From 94ebbab1c8e4fa5360201fb4bb36c0098bb2629a Mon Sep 17 00:00:00 2001
From: jeremyfowers <jeremy.fowers@amd.com>
Date: Mon, 22 Jun 2026 17:32:42 -0400
Subject: [PATCH 18/39] refactor(backends): migrate install availability to a
 check_install ops hook

is_recipe_installed now finds the managed binary generically and asks the
backend's ops whether it's actually installed, instead of hardcoding the
llamacpp-system HIP check and the flm PATH fallback:

- check_install(backend, binary_found) ops hook; base = installed iff binary
  found. LlamaCppOps adds the ggml HIP-plugin requirement for the "system"
  build on AMD GPUs; FlmOps treats a PATH-installed flm as present.
- is_ggml_hip_plugin_available moves into backends/llamacpp; find_flm_executable
  and run_flm_validate move into backends/fastflowlm. Removed from path_utils
  (+ their orphaned decls/comments).

system_info no longer carries llamacpp/flm-specific availability knowledge.
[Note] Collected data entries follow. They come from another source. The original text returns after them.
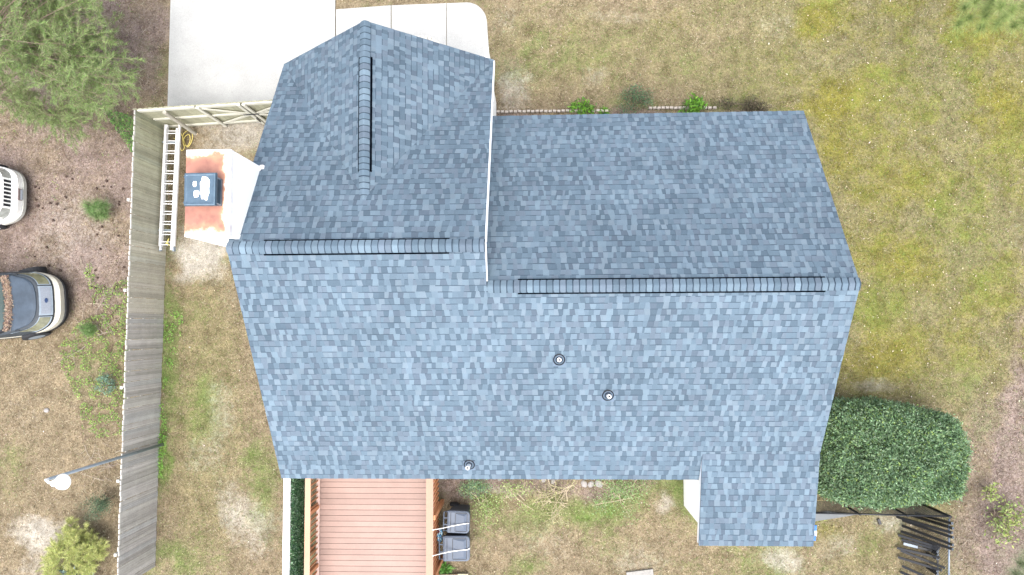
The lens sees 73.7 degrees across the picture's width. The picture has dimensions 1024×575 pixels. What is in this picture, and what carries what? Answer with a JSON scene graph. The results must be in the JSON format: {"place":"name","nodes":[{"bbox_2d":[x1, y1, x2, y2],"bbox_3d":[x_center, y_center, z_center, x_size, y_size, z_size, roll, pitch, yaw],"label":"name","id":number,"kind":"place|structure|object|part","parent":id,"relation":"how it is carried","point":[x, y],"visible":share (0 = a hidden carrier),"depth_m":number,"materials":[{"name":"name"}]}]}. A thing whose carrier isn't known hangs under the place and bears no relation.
{"place":"outdoors","nodes":[
{"label":"outdoors","id":0,"kind":"place"},
{"bbox_2d":[168,0,488,122],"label":"driveway","id":1,"kind":"structure","parent":0,"point":[193,62],"depth_m":20.72,"materials":[{"name":"concrete"}]},
{"bbox_2d":[178,12,407,98],"bbox_3d":[-6.677,-7.159,20.677,7.184,0.002,3.125,0,87,2],"label":"driveway crack","id":2,"kind":"object","parent":1,"relation":"on","point":[262,45],"visible":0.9,"depth_m":20.72,"materials":[{"name":"grey concrete"}]},
{"bbox_2d":[0,0,1023,574],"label":"ground","id":3,"kind":"structure","parent":0,"point":[206,258],"depth_m":20.04,"materials":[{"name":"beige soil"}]},
{"bbox_2d":[0,164,26,229],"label":"parked car","id":4,"kind":"object","parent":3,"relation":"on","point":[13,192],"visible":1,"depth_m":20.11,"materials":[{"name":"white paint"}]},
{"bbox_2d":[0,266,68,339],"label":"parked car","id":5,"kind":"object","parent":3,"relation":"on","point":[40,303],"visible":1,"depth_m":19.61,"materials":[{"name":"paint"}]},
{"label":"windows","id":6,"kind":"part","parent":5,"relation":"part of","materials":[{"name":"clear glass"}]},
{"bbox_2d":[0,275,13,331],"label":"leaf litter","id":7,"kind":"object","parent":5,"relation":"on","point":[7,300],"visible":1,"depth_m":19.46,"materials":[{"name":"brown plant"}]},
{"bbox_2d":[0,70,106,153],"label":"pine tree","id":8,"kind":"object","parent":3,"relation":"on","point":[20,105],"visible":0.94,"depth_m":18.47,"materials":[{"name":"green plant"}]},
{"bbox_2d":[52,345,85,366],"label":"twig","id":9,"kind":"object","parent":3,"relation":"on","point":[70,355],"visible":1,"depth_m":20.36,"materials":[{"name":"brown wood"}]},
{"bbox_2d":[5,3,135,199],"bbox_3d":[-13.615,-5.720,20.811,4.355,0.179,6.347,0,87,2],"label":"ground cover","id":10,"kind":"object","parent":3,"relation":"on","point":[86,100],"visible":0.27,"depth_m":20.80,"materials":[{"name":"green plant"}]},
{"bbox_2d":[34,516,110,574],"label":"shrub","id":11,"kind":"object","parent":3,"relation":"on","point":[74,547],"visible":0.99,"depth_m":19.28,"materials":[{"name":"green plant"}]},
{"bbox_2d":[0,0,147,128],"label":"pine tree","id":12,"kind":"object","parent":3,"relation":"on","point":[19,54],"visible":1,"depth_m":17.07,"materials":[{"name":"green plant"}]},
{"bbox_2d":[59,560,98,574],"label":"shrub","id":13,"kind":"object","parent":3,"relation":"on","point":[61,571],"visible":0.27,"depth_m":19.43,"materials":[{"name":"green plant"}]},
{"bbox_2d":[76,321,97,337],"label":"pine seedling","id":14,"kind":"object","parent":3,"relation":"on","point":[87,329],"visible":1,"depth_m":20.16,"materials":[{"name":"green plant"}]},
{"bbox_2d":[58,263,127,437],"bbox_3d":[-12.422,1.856,20.279,2.266,0.298,5.230,0,87,2],"label":"ground cover","id":15,"kind":"object","parent":3,"relation":"on","point":[102,370],"visible":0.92,"depth_m":20.29,"materials":[{"name":"green plant"}]},
{"bbox_2d":[77,194,115,224],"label":"pine seedling","id":16,"kind":"object","parent":3,"relation":"on","point":[91,208],"visible":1,"depth_m":20.11,"materials":[{"name":"green plant"}]},
{"bbox_2d":[79,490,114,521],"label":"shrub","id":17,"kind":"object","parent":3,"relation":"on","point":[100,505],"visible":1,"depth_m":19.47,"materials":[{"name":"green plant"}]},
{"bbox_2d":[87,275,108,307],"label":"twig","id":18,"kind":"object","parent":3,"relation":"on","point":[96,292],"visible":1,"depth_m":20.44,"materials":[{"name":"brown wood"}]},
{"bbox_2d":[44,443,163,489],"bbox_3d":[-10.220,4.552,17.752,0.518,4.860,0.368,0,87,2],"label":"lamp post","id":19,"kind":"object","parent":3,"relation":"on","point":[62,481],"visible":1,"depth_m":16.08,"materials":[{"name":"metal"}]},
{"bbox_2d":[92,372,116,396],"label":"shrub","id":20,"kind":"object","parent":3,"relation":"on","point":[108,382],"visible":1,"depth_m":20.00,"materials":[{"name":"green plant"}]},
{"bbox_2d":[100,313,116,338],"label":"twig","id":21,"kind":"object","parent":3,"relation":"on","point":[108,324],"visible":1,"depth_m":20.37,"materials":[{"name":"brown wood"}]},
{"bbox_2d":[107,109,133,153],"bbox_3d":[-11.637,-4.886,20.505,0.771,0.557,1.799,-35,86,0],"label":"ivy cover","id":22,"kind":"object","parent":3,"relation":"on","point":[125,135],"visible":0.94,"depth_m":20.59,"materials":[{"name":"green plant"}]},
{"bbox_2d":[114,110,169,574],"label":"wooden fence","id":23,"kind":"object","parent":3,"relation":"on","point":[138,547],"visible":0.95,"depth_m":19.33,"materials":[{"name":"grey wood"}]},
{"bbox_2d":[158,124,180,251],"bbox_3d":[-10.120,-2.939,20.100,0.565,0.166,3.758,1,87,2],"label":"extension ladder","id":24,"kind":"object","parent":23,"relation":"attached to","point":[175,181],"visible":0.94,"depth_m":20.06,"materials":[{"name":"metal"}]},
{"bbox_2d":[157,311,182,478],"bbox_3d":[-10.207,3.148,20.162,0.639,0.207,4.972,4,87,2],"label":"ground cover","id":25,"kind":"object","parent":3,"relation":"on","point":[161,464],"visible":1,"depth_m":20.17,"materials":[{"name":"green plant"}]},
{"bbox_2d":[174,131,192,150],"bbox_3d":[-9.910,-4.472,20.604,0.486,0.145,0.652,33,88,4],"label":"yellow cord","id":26,"kind":"object","parent":3,"relation":"on","point":[184,141],"visible":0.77,"depth_m":20.59,"materials":[{"name":"yellow plastic"}]},
{"bbox_2d":[133,100,271,134],"bbox_3d":[-8.285,-4.875,19.726,4.401,1.846,0.293,-3,87,2],"label":"wooden fence","id":27,"kind":"object","parent":3,"relation":"on","point":[186,117],"visible":0.78,"depth_m":19.54,"materials":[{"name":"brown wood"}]},
{"bbox_2d":[282,478,313,574],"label":"privacy screen","id":28,"kind":"object","parent":3,"relation":"on","point":[293,521],"visible":0.68,"depth_m":17.96,"materials":[{"name":"green"}]},
{"bbox_2d":[304,478,443,574],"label":"deck","id":29,"kind":"structure","parent":3,"relation":"on","point":[374,526],"depth_m":18.96,"materials":[{"name":"brown wood"}]},
{"bbox_2d":[436,527,442,541],"bbox_3d":[-2.036,6.890,19.029,0.226,0.359,0.382,0,87,2],"label":"towel","id":30,"kind":"object","parent":29,"relation":"hanging from","point":[440,533],"visible":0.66,"depth_m":18.96,"materials":[{"name":"blue fabric"}]},
{"bbox_2d":[432,548,469,555],"bbox_3d":[-1.617,7.104,18.303,0.930,0.809,0.103,0,87,2],"label":"strap","id":31,"kind":"object","parent":29,"relation":"attached to","point":[450,551],"visible":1,"depth_m":18.48,"materials":[{"name":"white fabric"}]},
{"bbox_2d":[433,523,468,529],"bbox_3d":[-1.637,6.442,18.343,0.900,0.810,0.105,0,87,2],"label":"strap","id":32,"kind":"object","parent":29,"relation":"attached to","point":[450,526],"visible":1,"depth_m":18.54,"materials":[{"name":"white fabric"}]},
{"bbox_2d":[439,561,454,573],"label":"weed","id":33,"kind":"object","parent":3,"relation":"on","point":[443,570],"visible":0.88,"depth_m":19.60,"materials":[{"name":"green plant"}]},
{"bbox_2d":[439,573,457,574],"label":"timber plank","id":34,"kind":"object","parent":3,"relation":"on","point":[449,574],"visible":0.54,"depth_m":19.55,"materials":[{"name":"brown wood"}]},
{"bbox_2d":[439,528,469,560],"bbox_3d":[-1.558,7.156,19.136,0.857,1.127,0.680,-1,87,2],"label":"trash cart","id":35,"kind":"object","parent":3,"relation":"on","point":[455,541],"visible":0.91,"depth_m":18.60,"materials":[{"name":"plastic"}]},
{"bbox_2d":[443,502,469,532],"bbox_3d":[-1.508,6.450,19.189,0.737,1.097,0.600,2,87,2],"label":"trash cart","id":36,"kind":"object","parent":3,"relation":"on","point":[457,513],"visible":1,"depth_m":18.68,"materials":[{"name":"plastic"}]},
{"bbox_2d":[456,479,494,500],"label":"shrub","id":37,"kind":"object","parent":3,"relation":"on","point":[479,486],"visible":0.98,"depth_m":19.18,"materials":[{"name":"green plant"}]},
{"bbox_2d":[462,489,503,531],"bbox_3d":[-0.761,6.233,19.186,0.962,1.087,1.542,-18,86,1],"label":"shrub","id":38,"kind":"object","parent":3,"relation":"on","point":[483,503],"visible":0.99,"depth_m":19.17,"materials":[{"name":"green plant"}]},
{"bbox_2d":[5,0,1023,574],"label":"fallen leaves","id":39,"kind":"object","parent":3,"relation":"on","point":[839,178],"visible":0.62,"depth_m":19.78,"materials":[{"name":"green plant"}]},
{"bbox_2d":[492,479,541,519],"bbox_3d":[0.180,5.795,19.312,1.492,0.814,1.268,14,87,3],"label":"shrub","id":40,"kind":"object","parent":3,"relation":"on","point":[509,489],"visible":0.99,"depth_m":19.31,"materials":[{"name":"beige plant"}]},
{"bbox_2d":[183,20,860,546],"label":"house","id":41,"kind":"structure","parent":3,"relation":"on","point":[441,268],"depth_m":15.85,"materials":[{"name":"blue"}]},
{"bbox_2d":[525,479,582,536],"bbox_3d":[1.129,5.929,19.191,1.590,0.967,1.846,13,87,3],"label":"shrub","id":42,"kind":"object","parent":3,"relation":"on","point":[549,500],"visible":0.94,"depth_m":19.20,"materials":[{"name":"beige plant"}]},
{"bbox_2d":[567,96,596,114],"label":"flowering plant","id":43,"kind":"object","parent":3,"relation":"on","point":[583,107],"visible":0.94,"depth_m":20.04,"materials":[{"name":"green plant"}]},
{"bbox_2d":[581,480,586,487],"bbox_3d":[2.074,5.645,19.631,0.180,0.090,0.222,-20,86,1],"label":"stone","id":44,"kind":"object","parent":3,"relation":"on","point":[583,483],"visible":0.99,"depth_m":19.60,"materials":[{"name":"white stone"}]},
{"bbox_2d":[588,481,593,486],"bbox_3d":[2.273,5.654,19.625,0.171,0.087,0.209,44,89,4],"label":"stone","id":45,"kind":"object","parent":3,"relation":"on","point":[590,483],"visible":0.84,"depth_m":19.60,"materials":[{"name":"white stone"}]},
{"bbox_2d":[595,480,602,486],"bbox_3d":[2.496,5.639,19.609,0.264,0.102,0.216,31,88,4],"label":"stone","id":46,"kind":"object","parent":3,"relation":"on","point":[597,483],"visible":0.8,"depth_m":19.58,"materials":[{"name":"white stone"}]},
{"bbox_2d":[597,106,609,113],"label":"flowering plant","id":47,"kind":"object","parent":3,"relation":"on","point":[603,109],"visible":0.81,"depth_m":20.17,"materials":[{"name":"green plant"}]},
{"bbox_2d":[582,479,656,525],"bbox_3d":[3.095,5.868,19.240,2.208,0.725,1.623,0,87,2],"label":"shrub","id":48,"kind":"object","parent":3,"relation":"on","point":[618,488],"visible":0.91,"depth_m":19.19,"materials":[{"name":"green plant"}]},
{"bbox_2d":[617,74,655,113],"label":"shrub","id":49,"kind":"object","parent":3,"relation":"on","point":[638,96],"visible":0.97,"depth_m":19.79,"materials":[{"name":"green plant"}]},
{"bbox_2d":[626,568,653,574],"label":"paving slab","id":50,"kind":"structure","parent":3,"relation":"on","point":[644,572],"depth_m":19.39,"materials":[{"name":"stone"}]},
{"bbox_2d":[677,91,706,112],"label":"flowering plant","id":51,"kind":"object","parent":3,"relation":"on","point":[693,106],"visible":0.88,"depth_m":19.86,"materials":[{"name":"green plant"}]},
{"bbox_2d":[710,93,777,111],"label":"shrub","id":52,"kind":"object","parent":3,"relation":"on","point":[750,106],"visible":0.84,"depth_m":19.75,"materials":[{"name":"green plant"}]},
{"bbox_2d":[815,511,850,521],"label":"concrete slab","id":53,"kind":"structure","parent":3,"relation":"on","point":[819,517],"depth_m":19.27,"materials":[{"name":"grey concrete"}]},
{"bbox_2d":[816,501,951,518],"bbox_3d":[9.702,6.019,18.636,3.689,1.380,0.080,1,87,2],"label":"chain link fence","id":54,"kind":"object","parent":3,"relation":"on","point":[934,510],"visible":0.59,"depth_m":18.30,"materials":[{"name":"black metal"}]},
{"bbox_2d":[817,395,975,512],"bbox_3d":[10.003,4.431,18.238,4.341,2.356,3.035,0,87,2],"label":"hedge","id":55,"kind":"object","parent":3,"relation":"on","point":[875,453],"visible":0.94,"depth_m":17.49,"materials":[{"name":"green plant"}]},
{"bbox_2d":[903,542,917,548],"bbox_3d":[11.116,7.191,19.043,0.338,0.172,0.070,10,87,3],"label":"grey channel","id":56,"kind":"object","parent":3,"relation":"on","point":[910,545],"visible":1,"depth_m":19.02,"materials":[{"name":"metal"}]},
{"bbox_2d":[918,546,931,551],"bbox_3d":[11.431,7.241,18.900,0.329,0.176,0.060,10,87,3],"label":"pipe offcut","id":57,"kind":"object","parent":56,"relation":"attached to","point":[923,548],"visible":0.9,"depth_m":18.89,"materials":[{"name":"grey metal"}]},
{"bbox_2d":[926,545,938,574],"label":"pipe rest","id":58,"kind":"object","parent":3,"relation":"on","point":[936,571],"visible":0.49,"depth_m":18.78,"materials":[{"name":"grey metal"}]},
{"bbox_2d":[921,506,949,574],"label":"chain link fence","id":59,"kind":"object","parent":3,"relation":"on","point":[948,561],"visible":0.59,"depth_m":18.35,"materials":[{"name":"grey metal"}]},
{"bbox_2d":[902,565,923,574],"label":"fence pipe","id":60,"kind":"object","parent":59,"relation":"attached to","point":[911,570],"visible":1,"depth_m":18.91,"materials":[{"name":"grey metal"}]},
{"bbox_2d":[897,547,939,558],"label":"fence pipe","id":61,"kind":"object","parent":59,"relation":"attached to","point":[915,552],"visible":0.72,"depth_m":18.83,"materials":[{"name":"grey metal"}]},
{"bbox_2d":[898,534,940,548],"bbox_3d":[11.249,7.016,18.875,0.873,0.622,0.062,11,87,3],"label":"fence pipe","id":62,"kind":"object","parent":59,"relation":"attached to","point":[915,540],"visible":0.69,"depth_m":18.87,"materials":[{"name":"grey metal"}]},
{"bbox_2d":[901,538,937,549],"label":"fence pipe","id":63,"kind":"object","parent":59,"relation":"attached to","point":[916,543],"visible":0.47,"depth_m":18.88,"materials":[{"name":"grey metal"}]},
{"bbox_2d":[898,556,941,570],"bbox_3d":[11.239,7.614,18.831,0.921,0.603,0.062,10,87,3],"label":"fence pipe","id":64,"kind":"object","parent":59,"relation":"attached to","point":[915,562],"visible":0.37,"depth_m":18.83,"materials":[{"name":"grey metal"}]},
{"bbox_2d":[900,550,944,568],"bbox_3d":[11.342,7.503,18.864,0.974,0.584,0.062,17,88,3],"label":"fence pipe","id":65,"kind":"object","parent":59,"relation":"attached to","point":[916,556],"visible":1,"depth_m":18.86,"materials":[{"name":"grey metal"}]},
{"bbox_2d":[896,516,952,533],"bbox_3d":[11.144,6.417,18.489,0.787,1.364,0.062,3,87,2],"label":"fence pipe","id":66,"kind":"object","parent":59,"relation":"attached to","point":[925,525],"visible":0.93,"depth_m":18.41,"materials":[{"name":"grey metal"}]},
{"bbox_2d":[901,530,953,549],"bbox_3d":[11.198,6.827,18.464,0.672,1.361,0.062,5,87,3],"label":"fence pipe","id":67,"kind":"object","parent":59,"relation":"attached to","point":[927,540],"visible":1,"depth_m":18.41,"materials":[{"name":"grey metal"}]},
{"bbox_2d":[901,524,953,545],"bbox_3d":[11.225,6.697,18.480,0.649,1.380,0.062,10,87,3],"label":"fence pipe","id":68,"kind":"object","parent":59,"relation":"attached to","point":[928,535],"visible":1,"depth_m":18.42,"materials":[{"name":"grey metal"}]},
{"bbox_2d":[902,520,953,538],"bbox_3d":[11.245,6.532,18.499,0.626,1.399,0.062,5,87,3],"label":"fence pipe","id":69,"kind":"object","parent":59,"relation":"attached to","point":[934,531],"visible":0.93,"depth_m":18.37,"materials":[{"name":"grey metal"}]},
{"bbox_2d":[911,514,953,529],"bbox_3d":[11.344,6.332,18.496,0.437,1.373,0.062,-3,87,2],"label":"fence pipe","id":70,"kind":"object","parent":59,"relation":"attached to","point":[935,522],"visible":0.89,"depth_m":18.36,"materials":[{"name":"grey metal"}]},
{"bbox_2d":[915,512,952,524],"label":"fence pipe","id":71,"kind":"object","parent":59,"relation":"attached to","point":[942,520],"visible":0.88,"depth_m":18.24,"materials":[{"name":"grey metal"}]},
{"bbox_2d":[944,0,1023,42],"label":"pine tree","id":72,"kind":"object","parent":3,"relation":"on","point":[985,15],"visible":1,"depth_m":16.09,"materials":[{"name":"green plant"}]},
{"bbox_2d":[980,482,1005,501],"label":"shrub","id":73,"kind":"object","parent":3,"relation":"on","point":[990,490],"visible":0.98,"depth_m":18.82,"materials":[{"name":"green plant"}]},
{"bbox_2d":[984,493,1023,550],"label":"shrub","id":74,"kind":"object","parent":3,"relation":"on","point":[1004,514],"visible":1,"depth_m":18.70,"materials":[{"name":"green plant"}]},
{"bbox_2d":[1002,546,1023,574],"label":"pine tree","id":75,"kind":"object","parent":3,"relation":"on","point":[1018,571],"visible":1,"depth_m":16.85,"materials":[{"name":"green plant"}]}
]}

Co-Authored-By: Claude Opus 4.8 (1M context) <noreply@anthropic.com>
---
 src/cpp/include/lemon/backends/backend_ops.h  |  16 ++
 .../backends/fastflowlm/fastflowlm_models.h   |   6 +
 src/cpp/include/lemon/utils/path_utils.h      |  23 ---
 .../backends/fastflowlm/fastflowlm_models.cpp | 124 +++++++++++++-
 .../backends/fastflowlm/fastflowlm_server.cpp |  12 +-
 .../backends/llamacpp/llamacpp_server.cpp     |  59 +++++++
 src/cpp/server/system_info.cpp                |  38 ++---
 src/cpp/server/utils/path_utils.cpp           | 161 ------------------
 8 files changed, 224 insertions(+), 215 deletions(-)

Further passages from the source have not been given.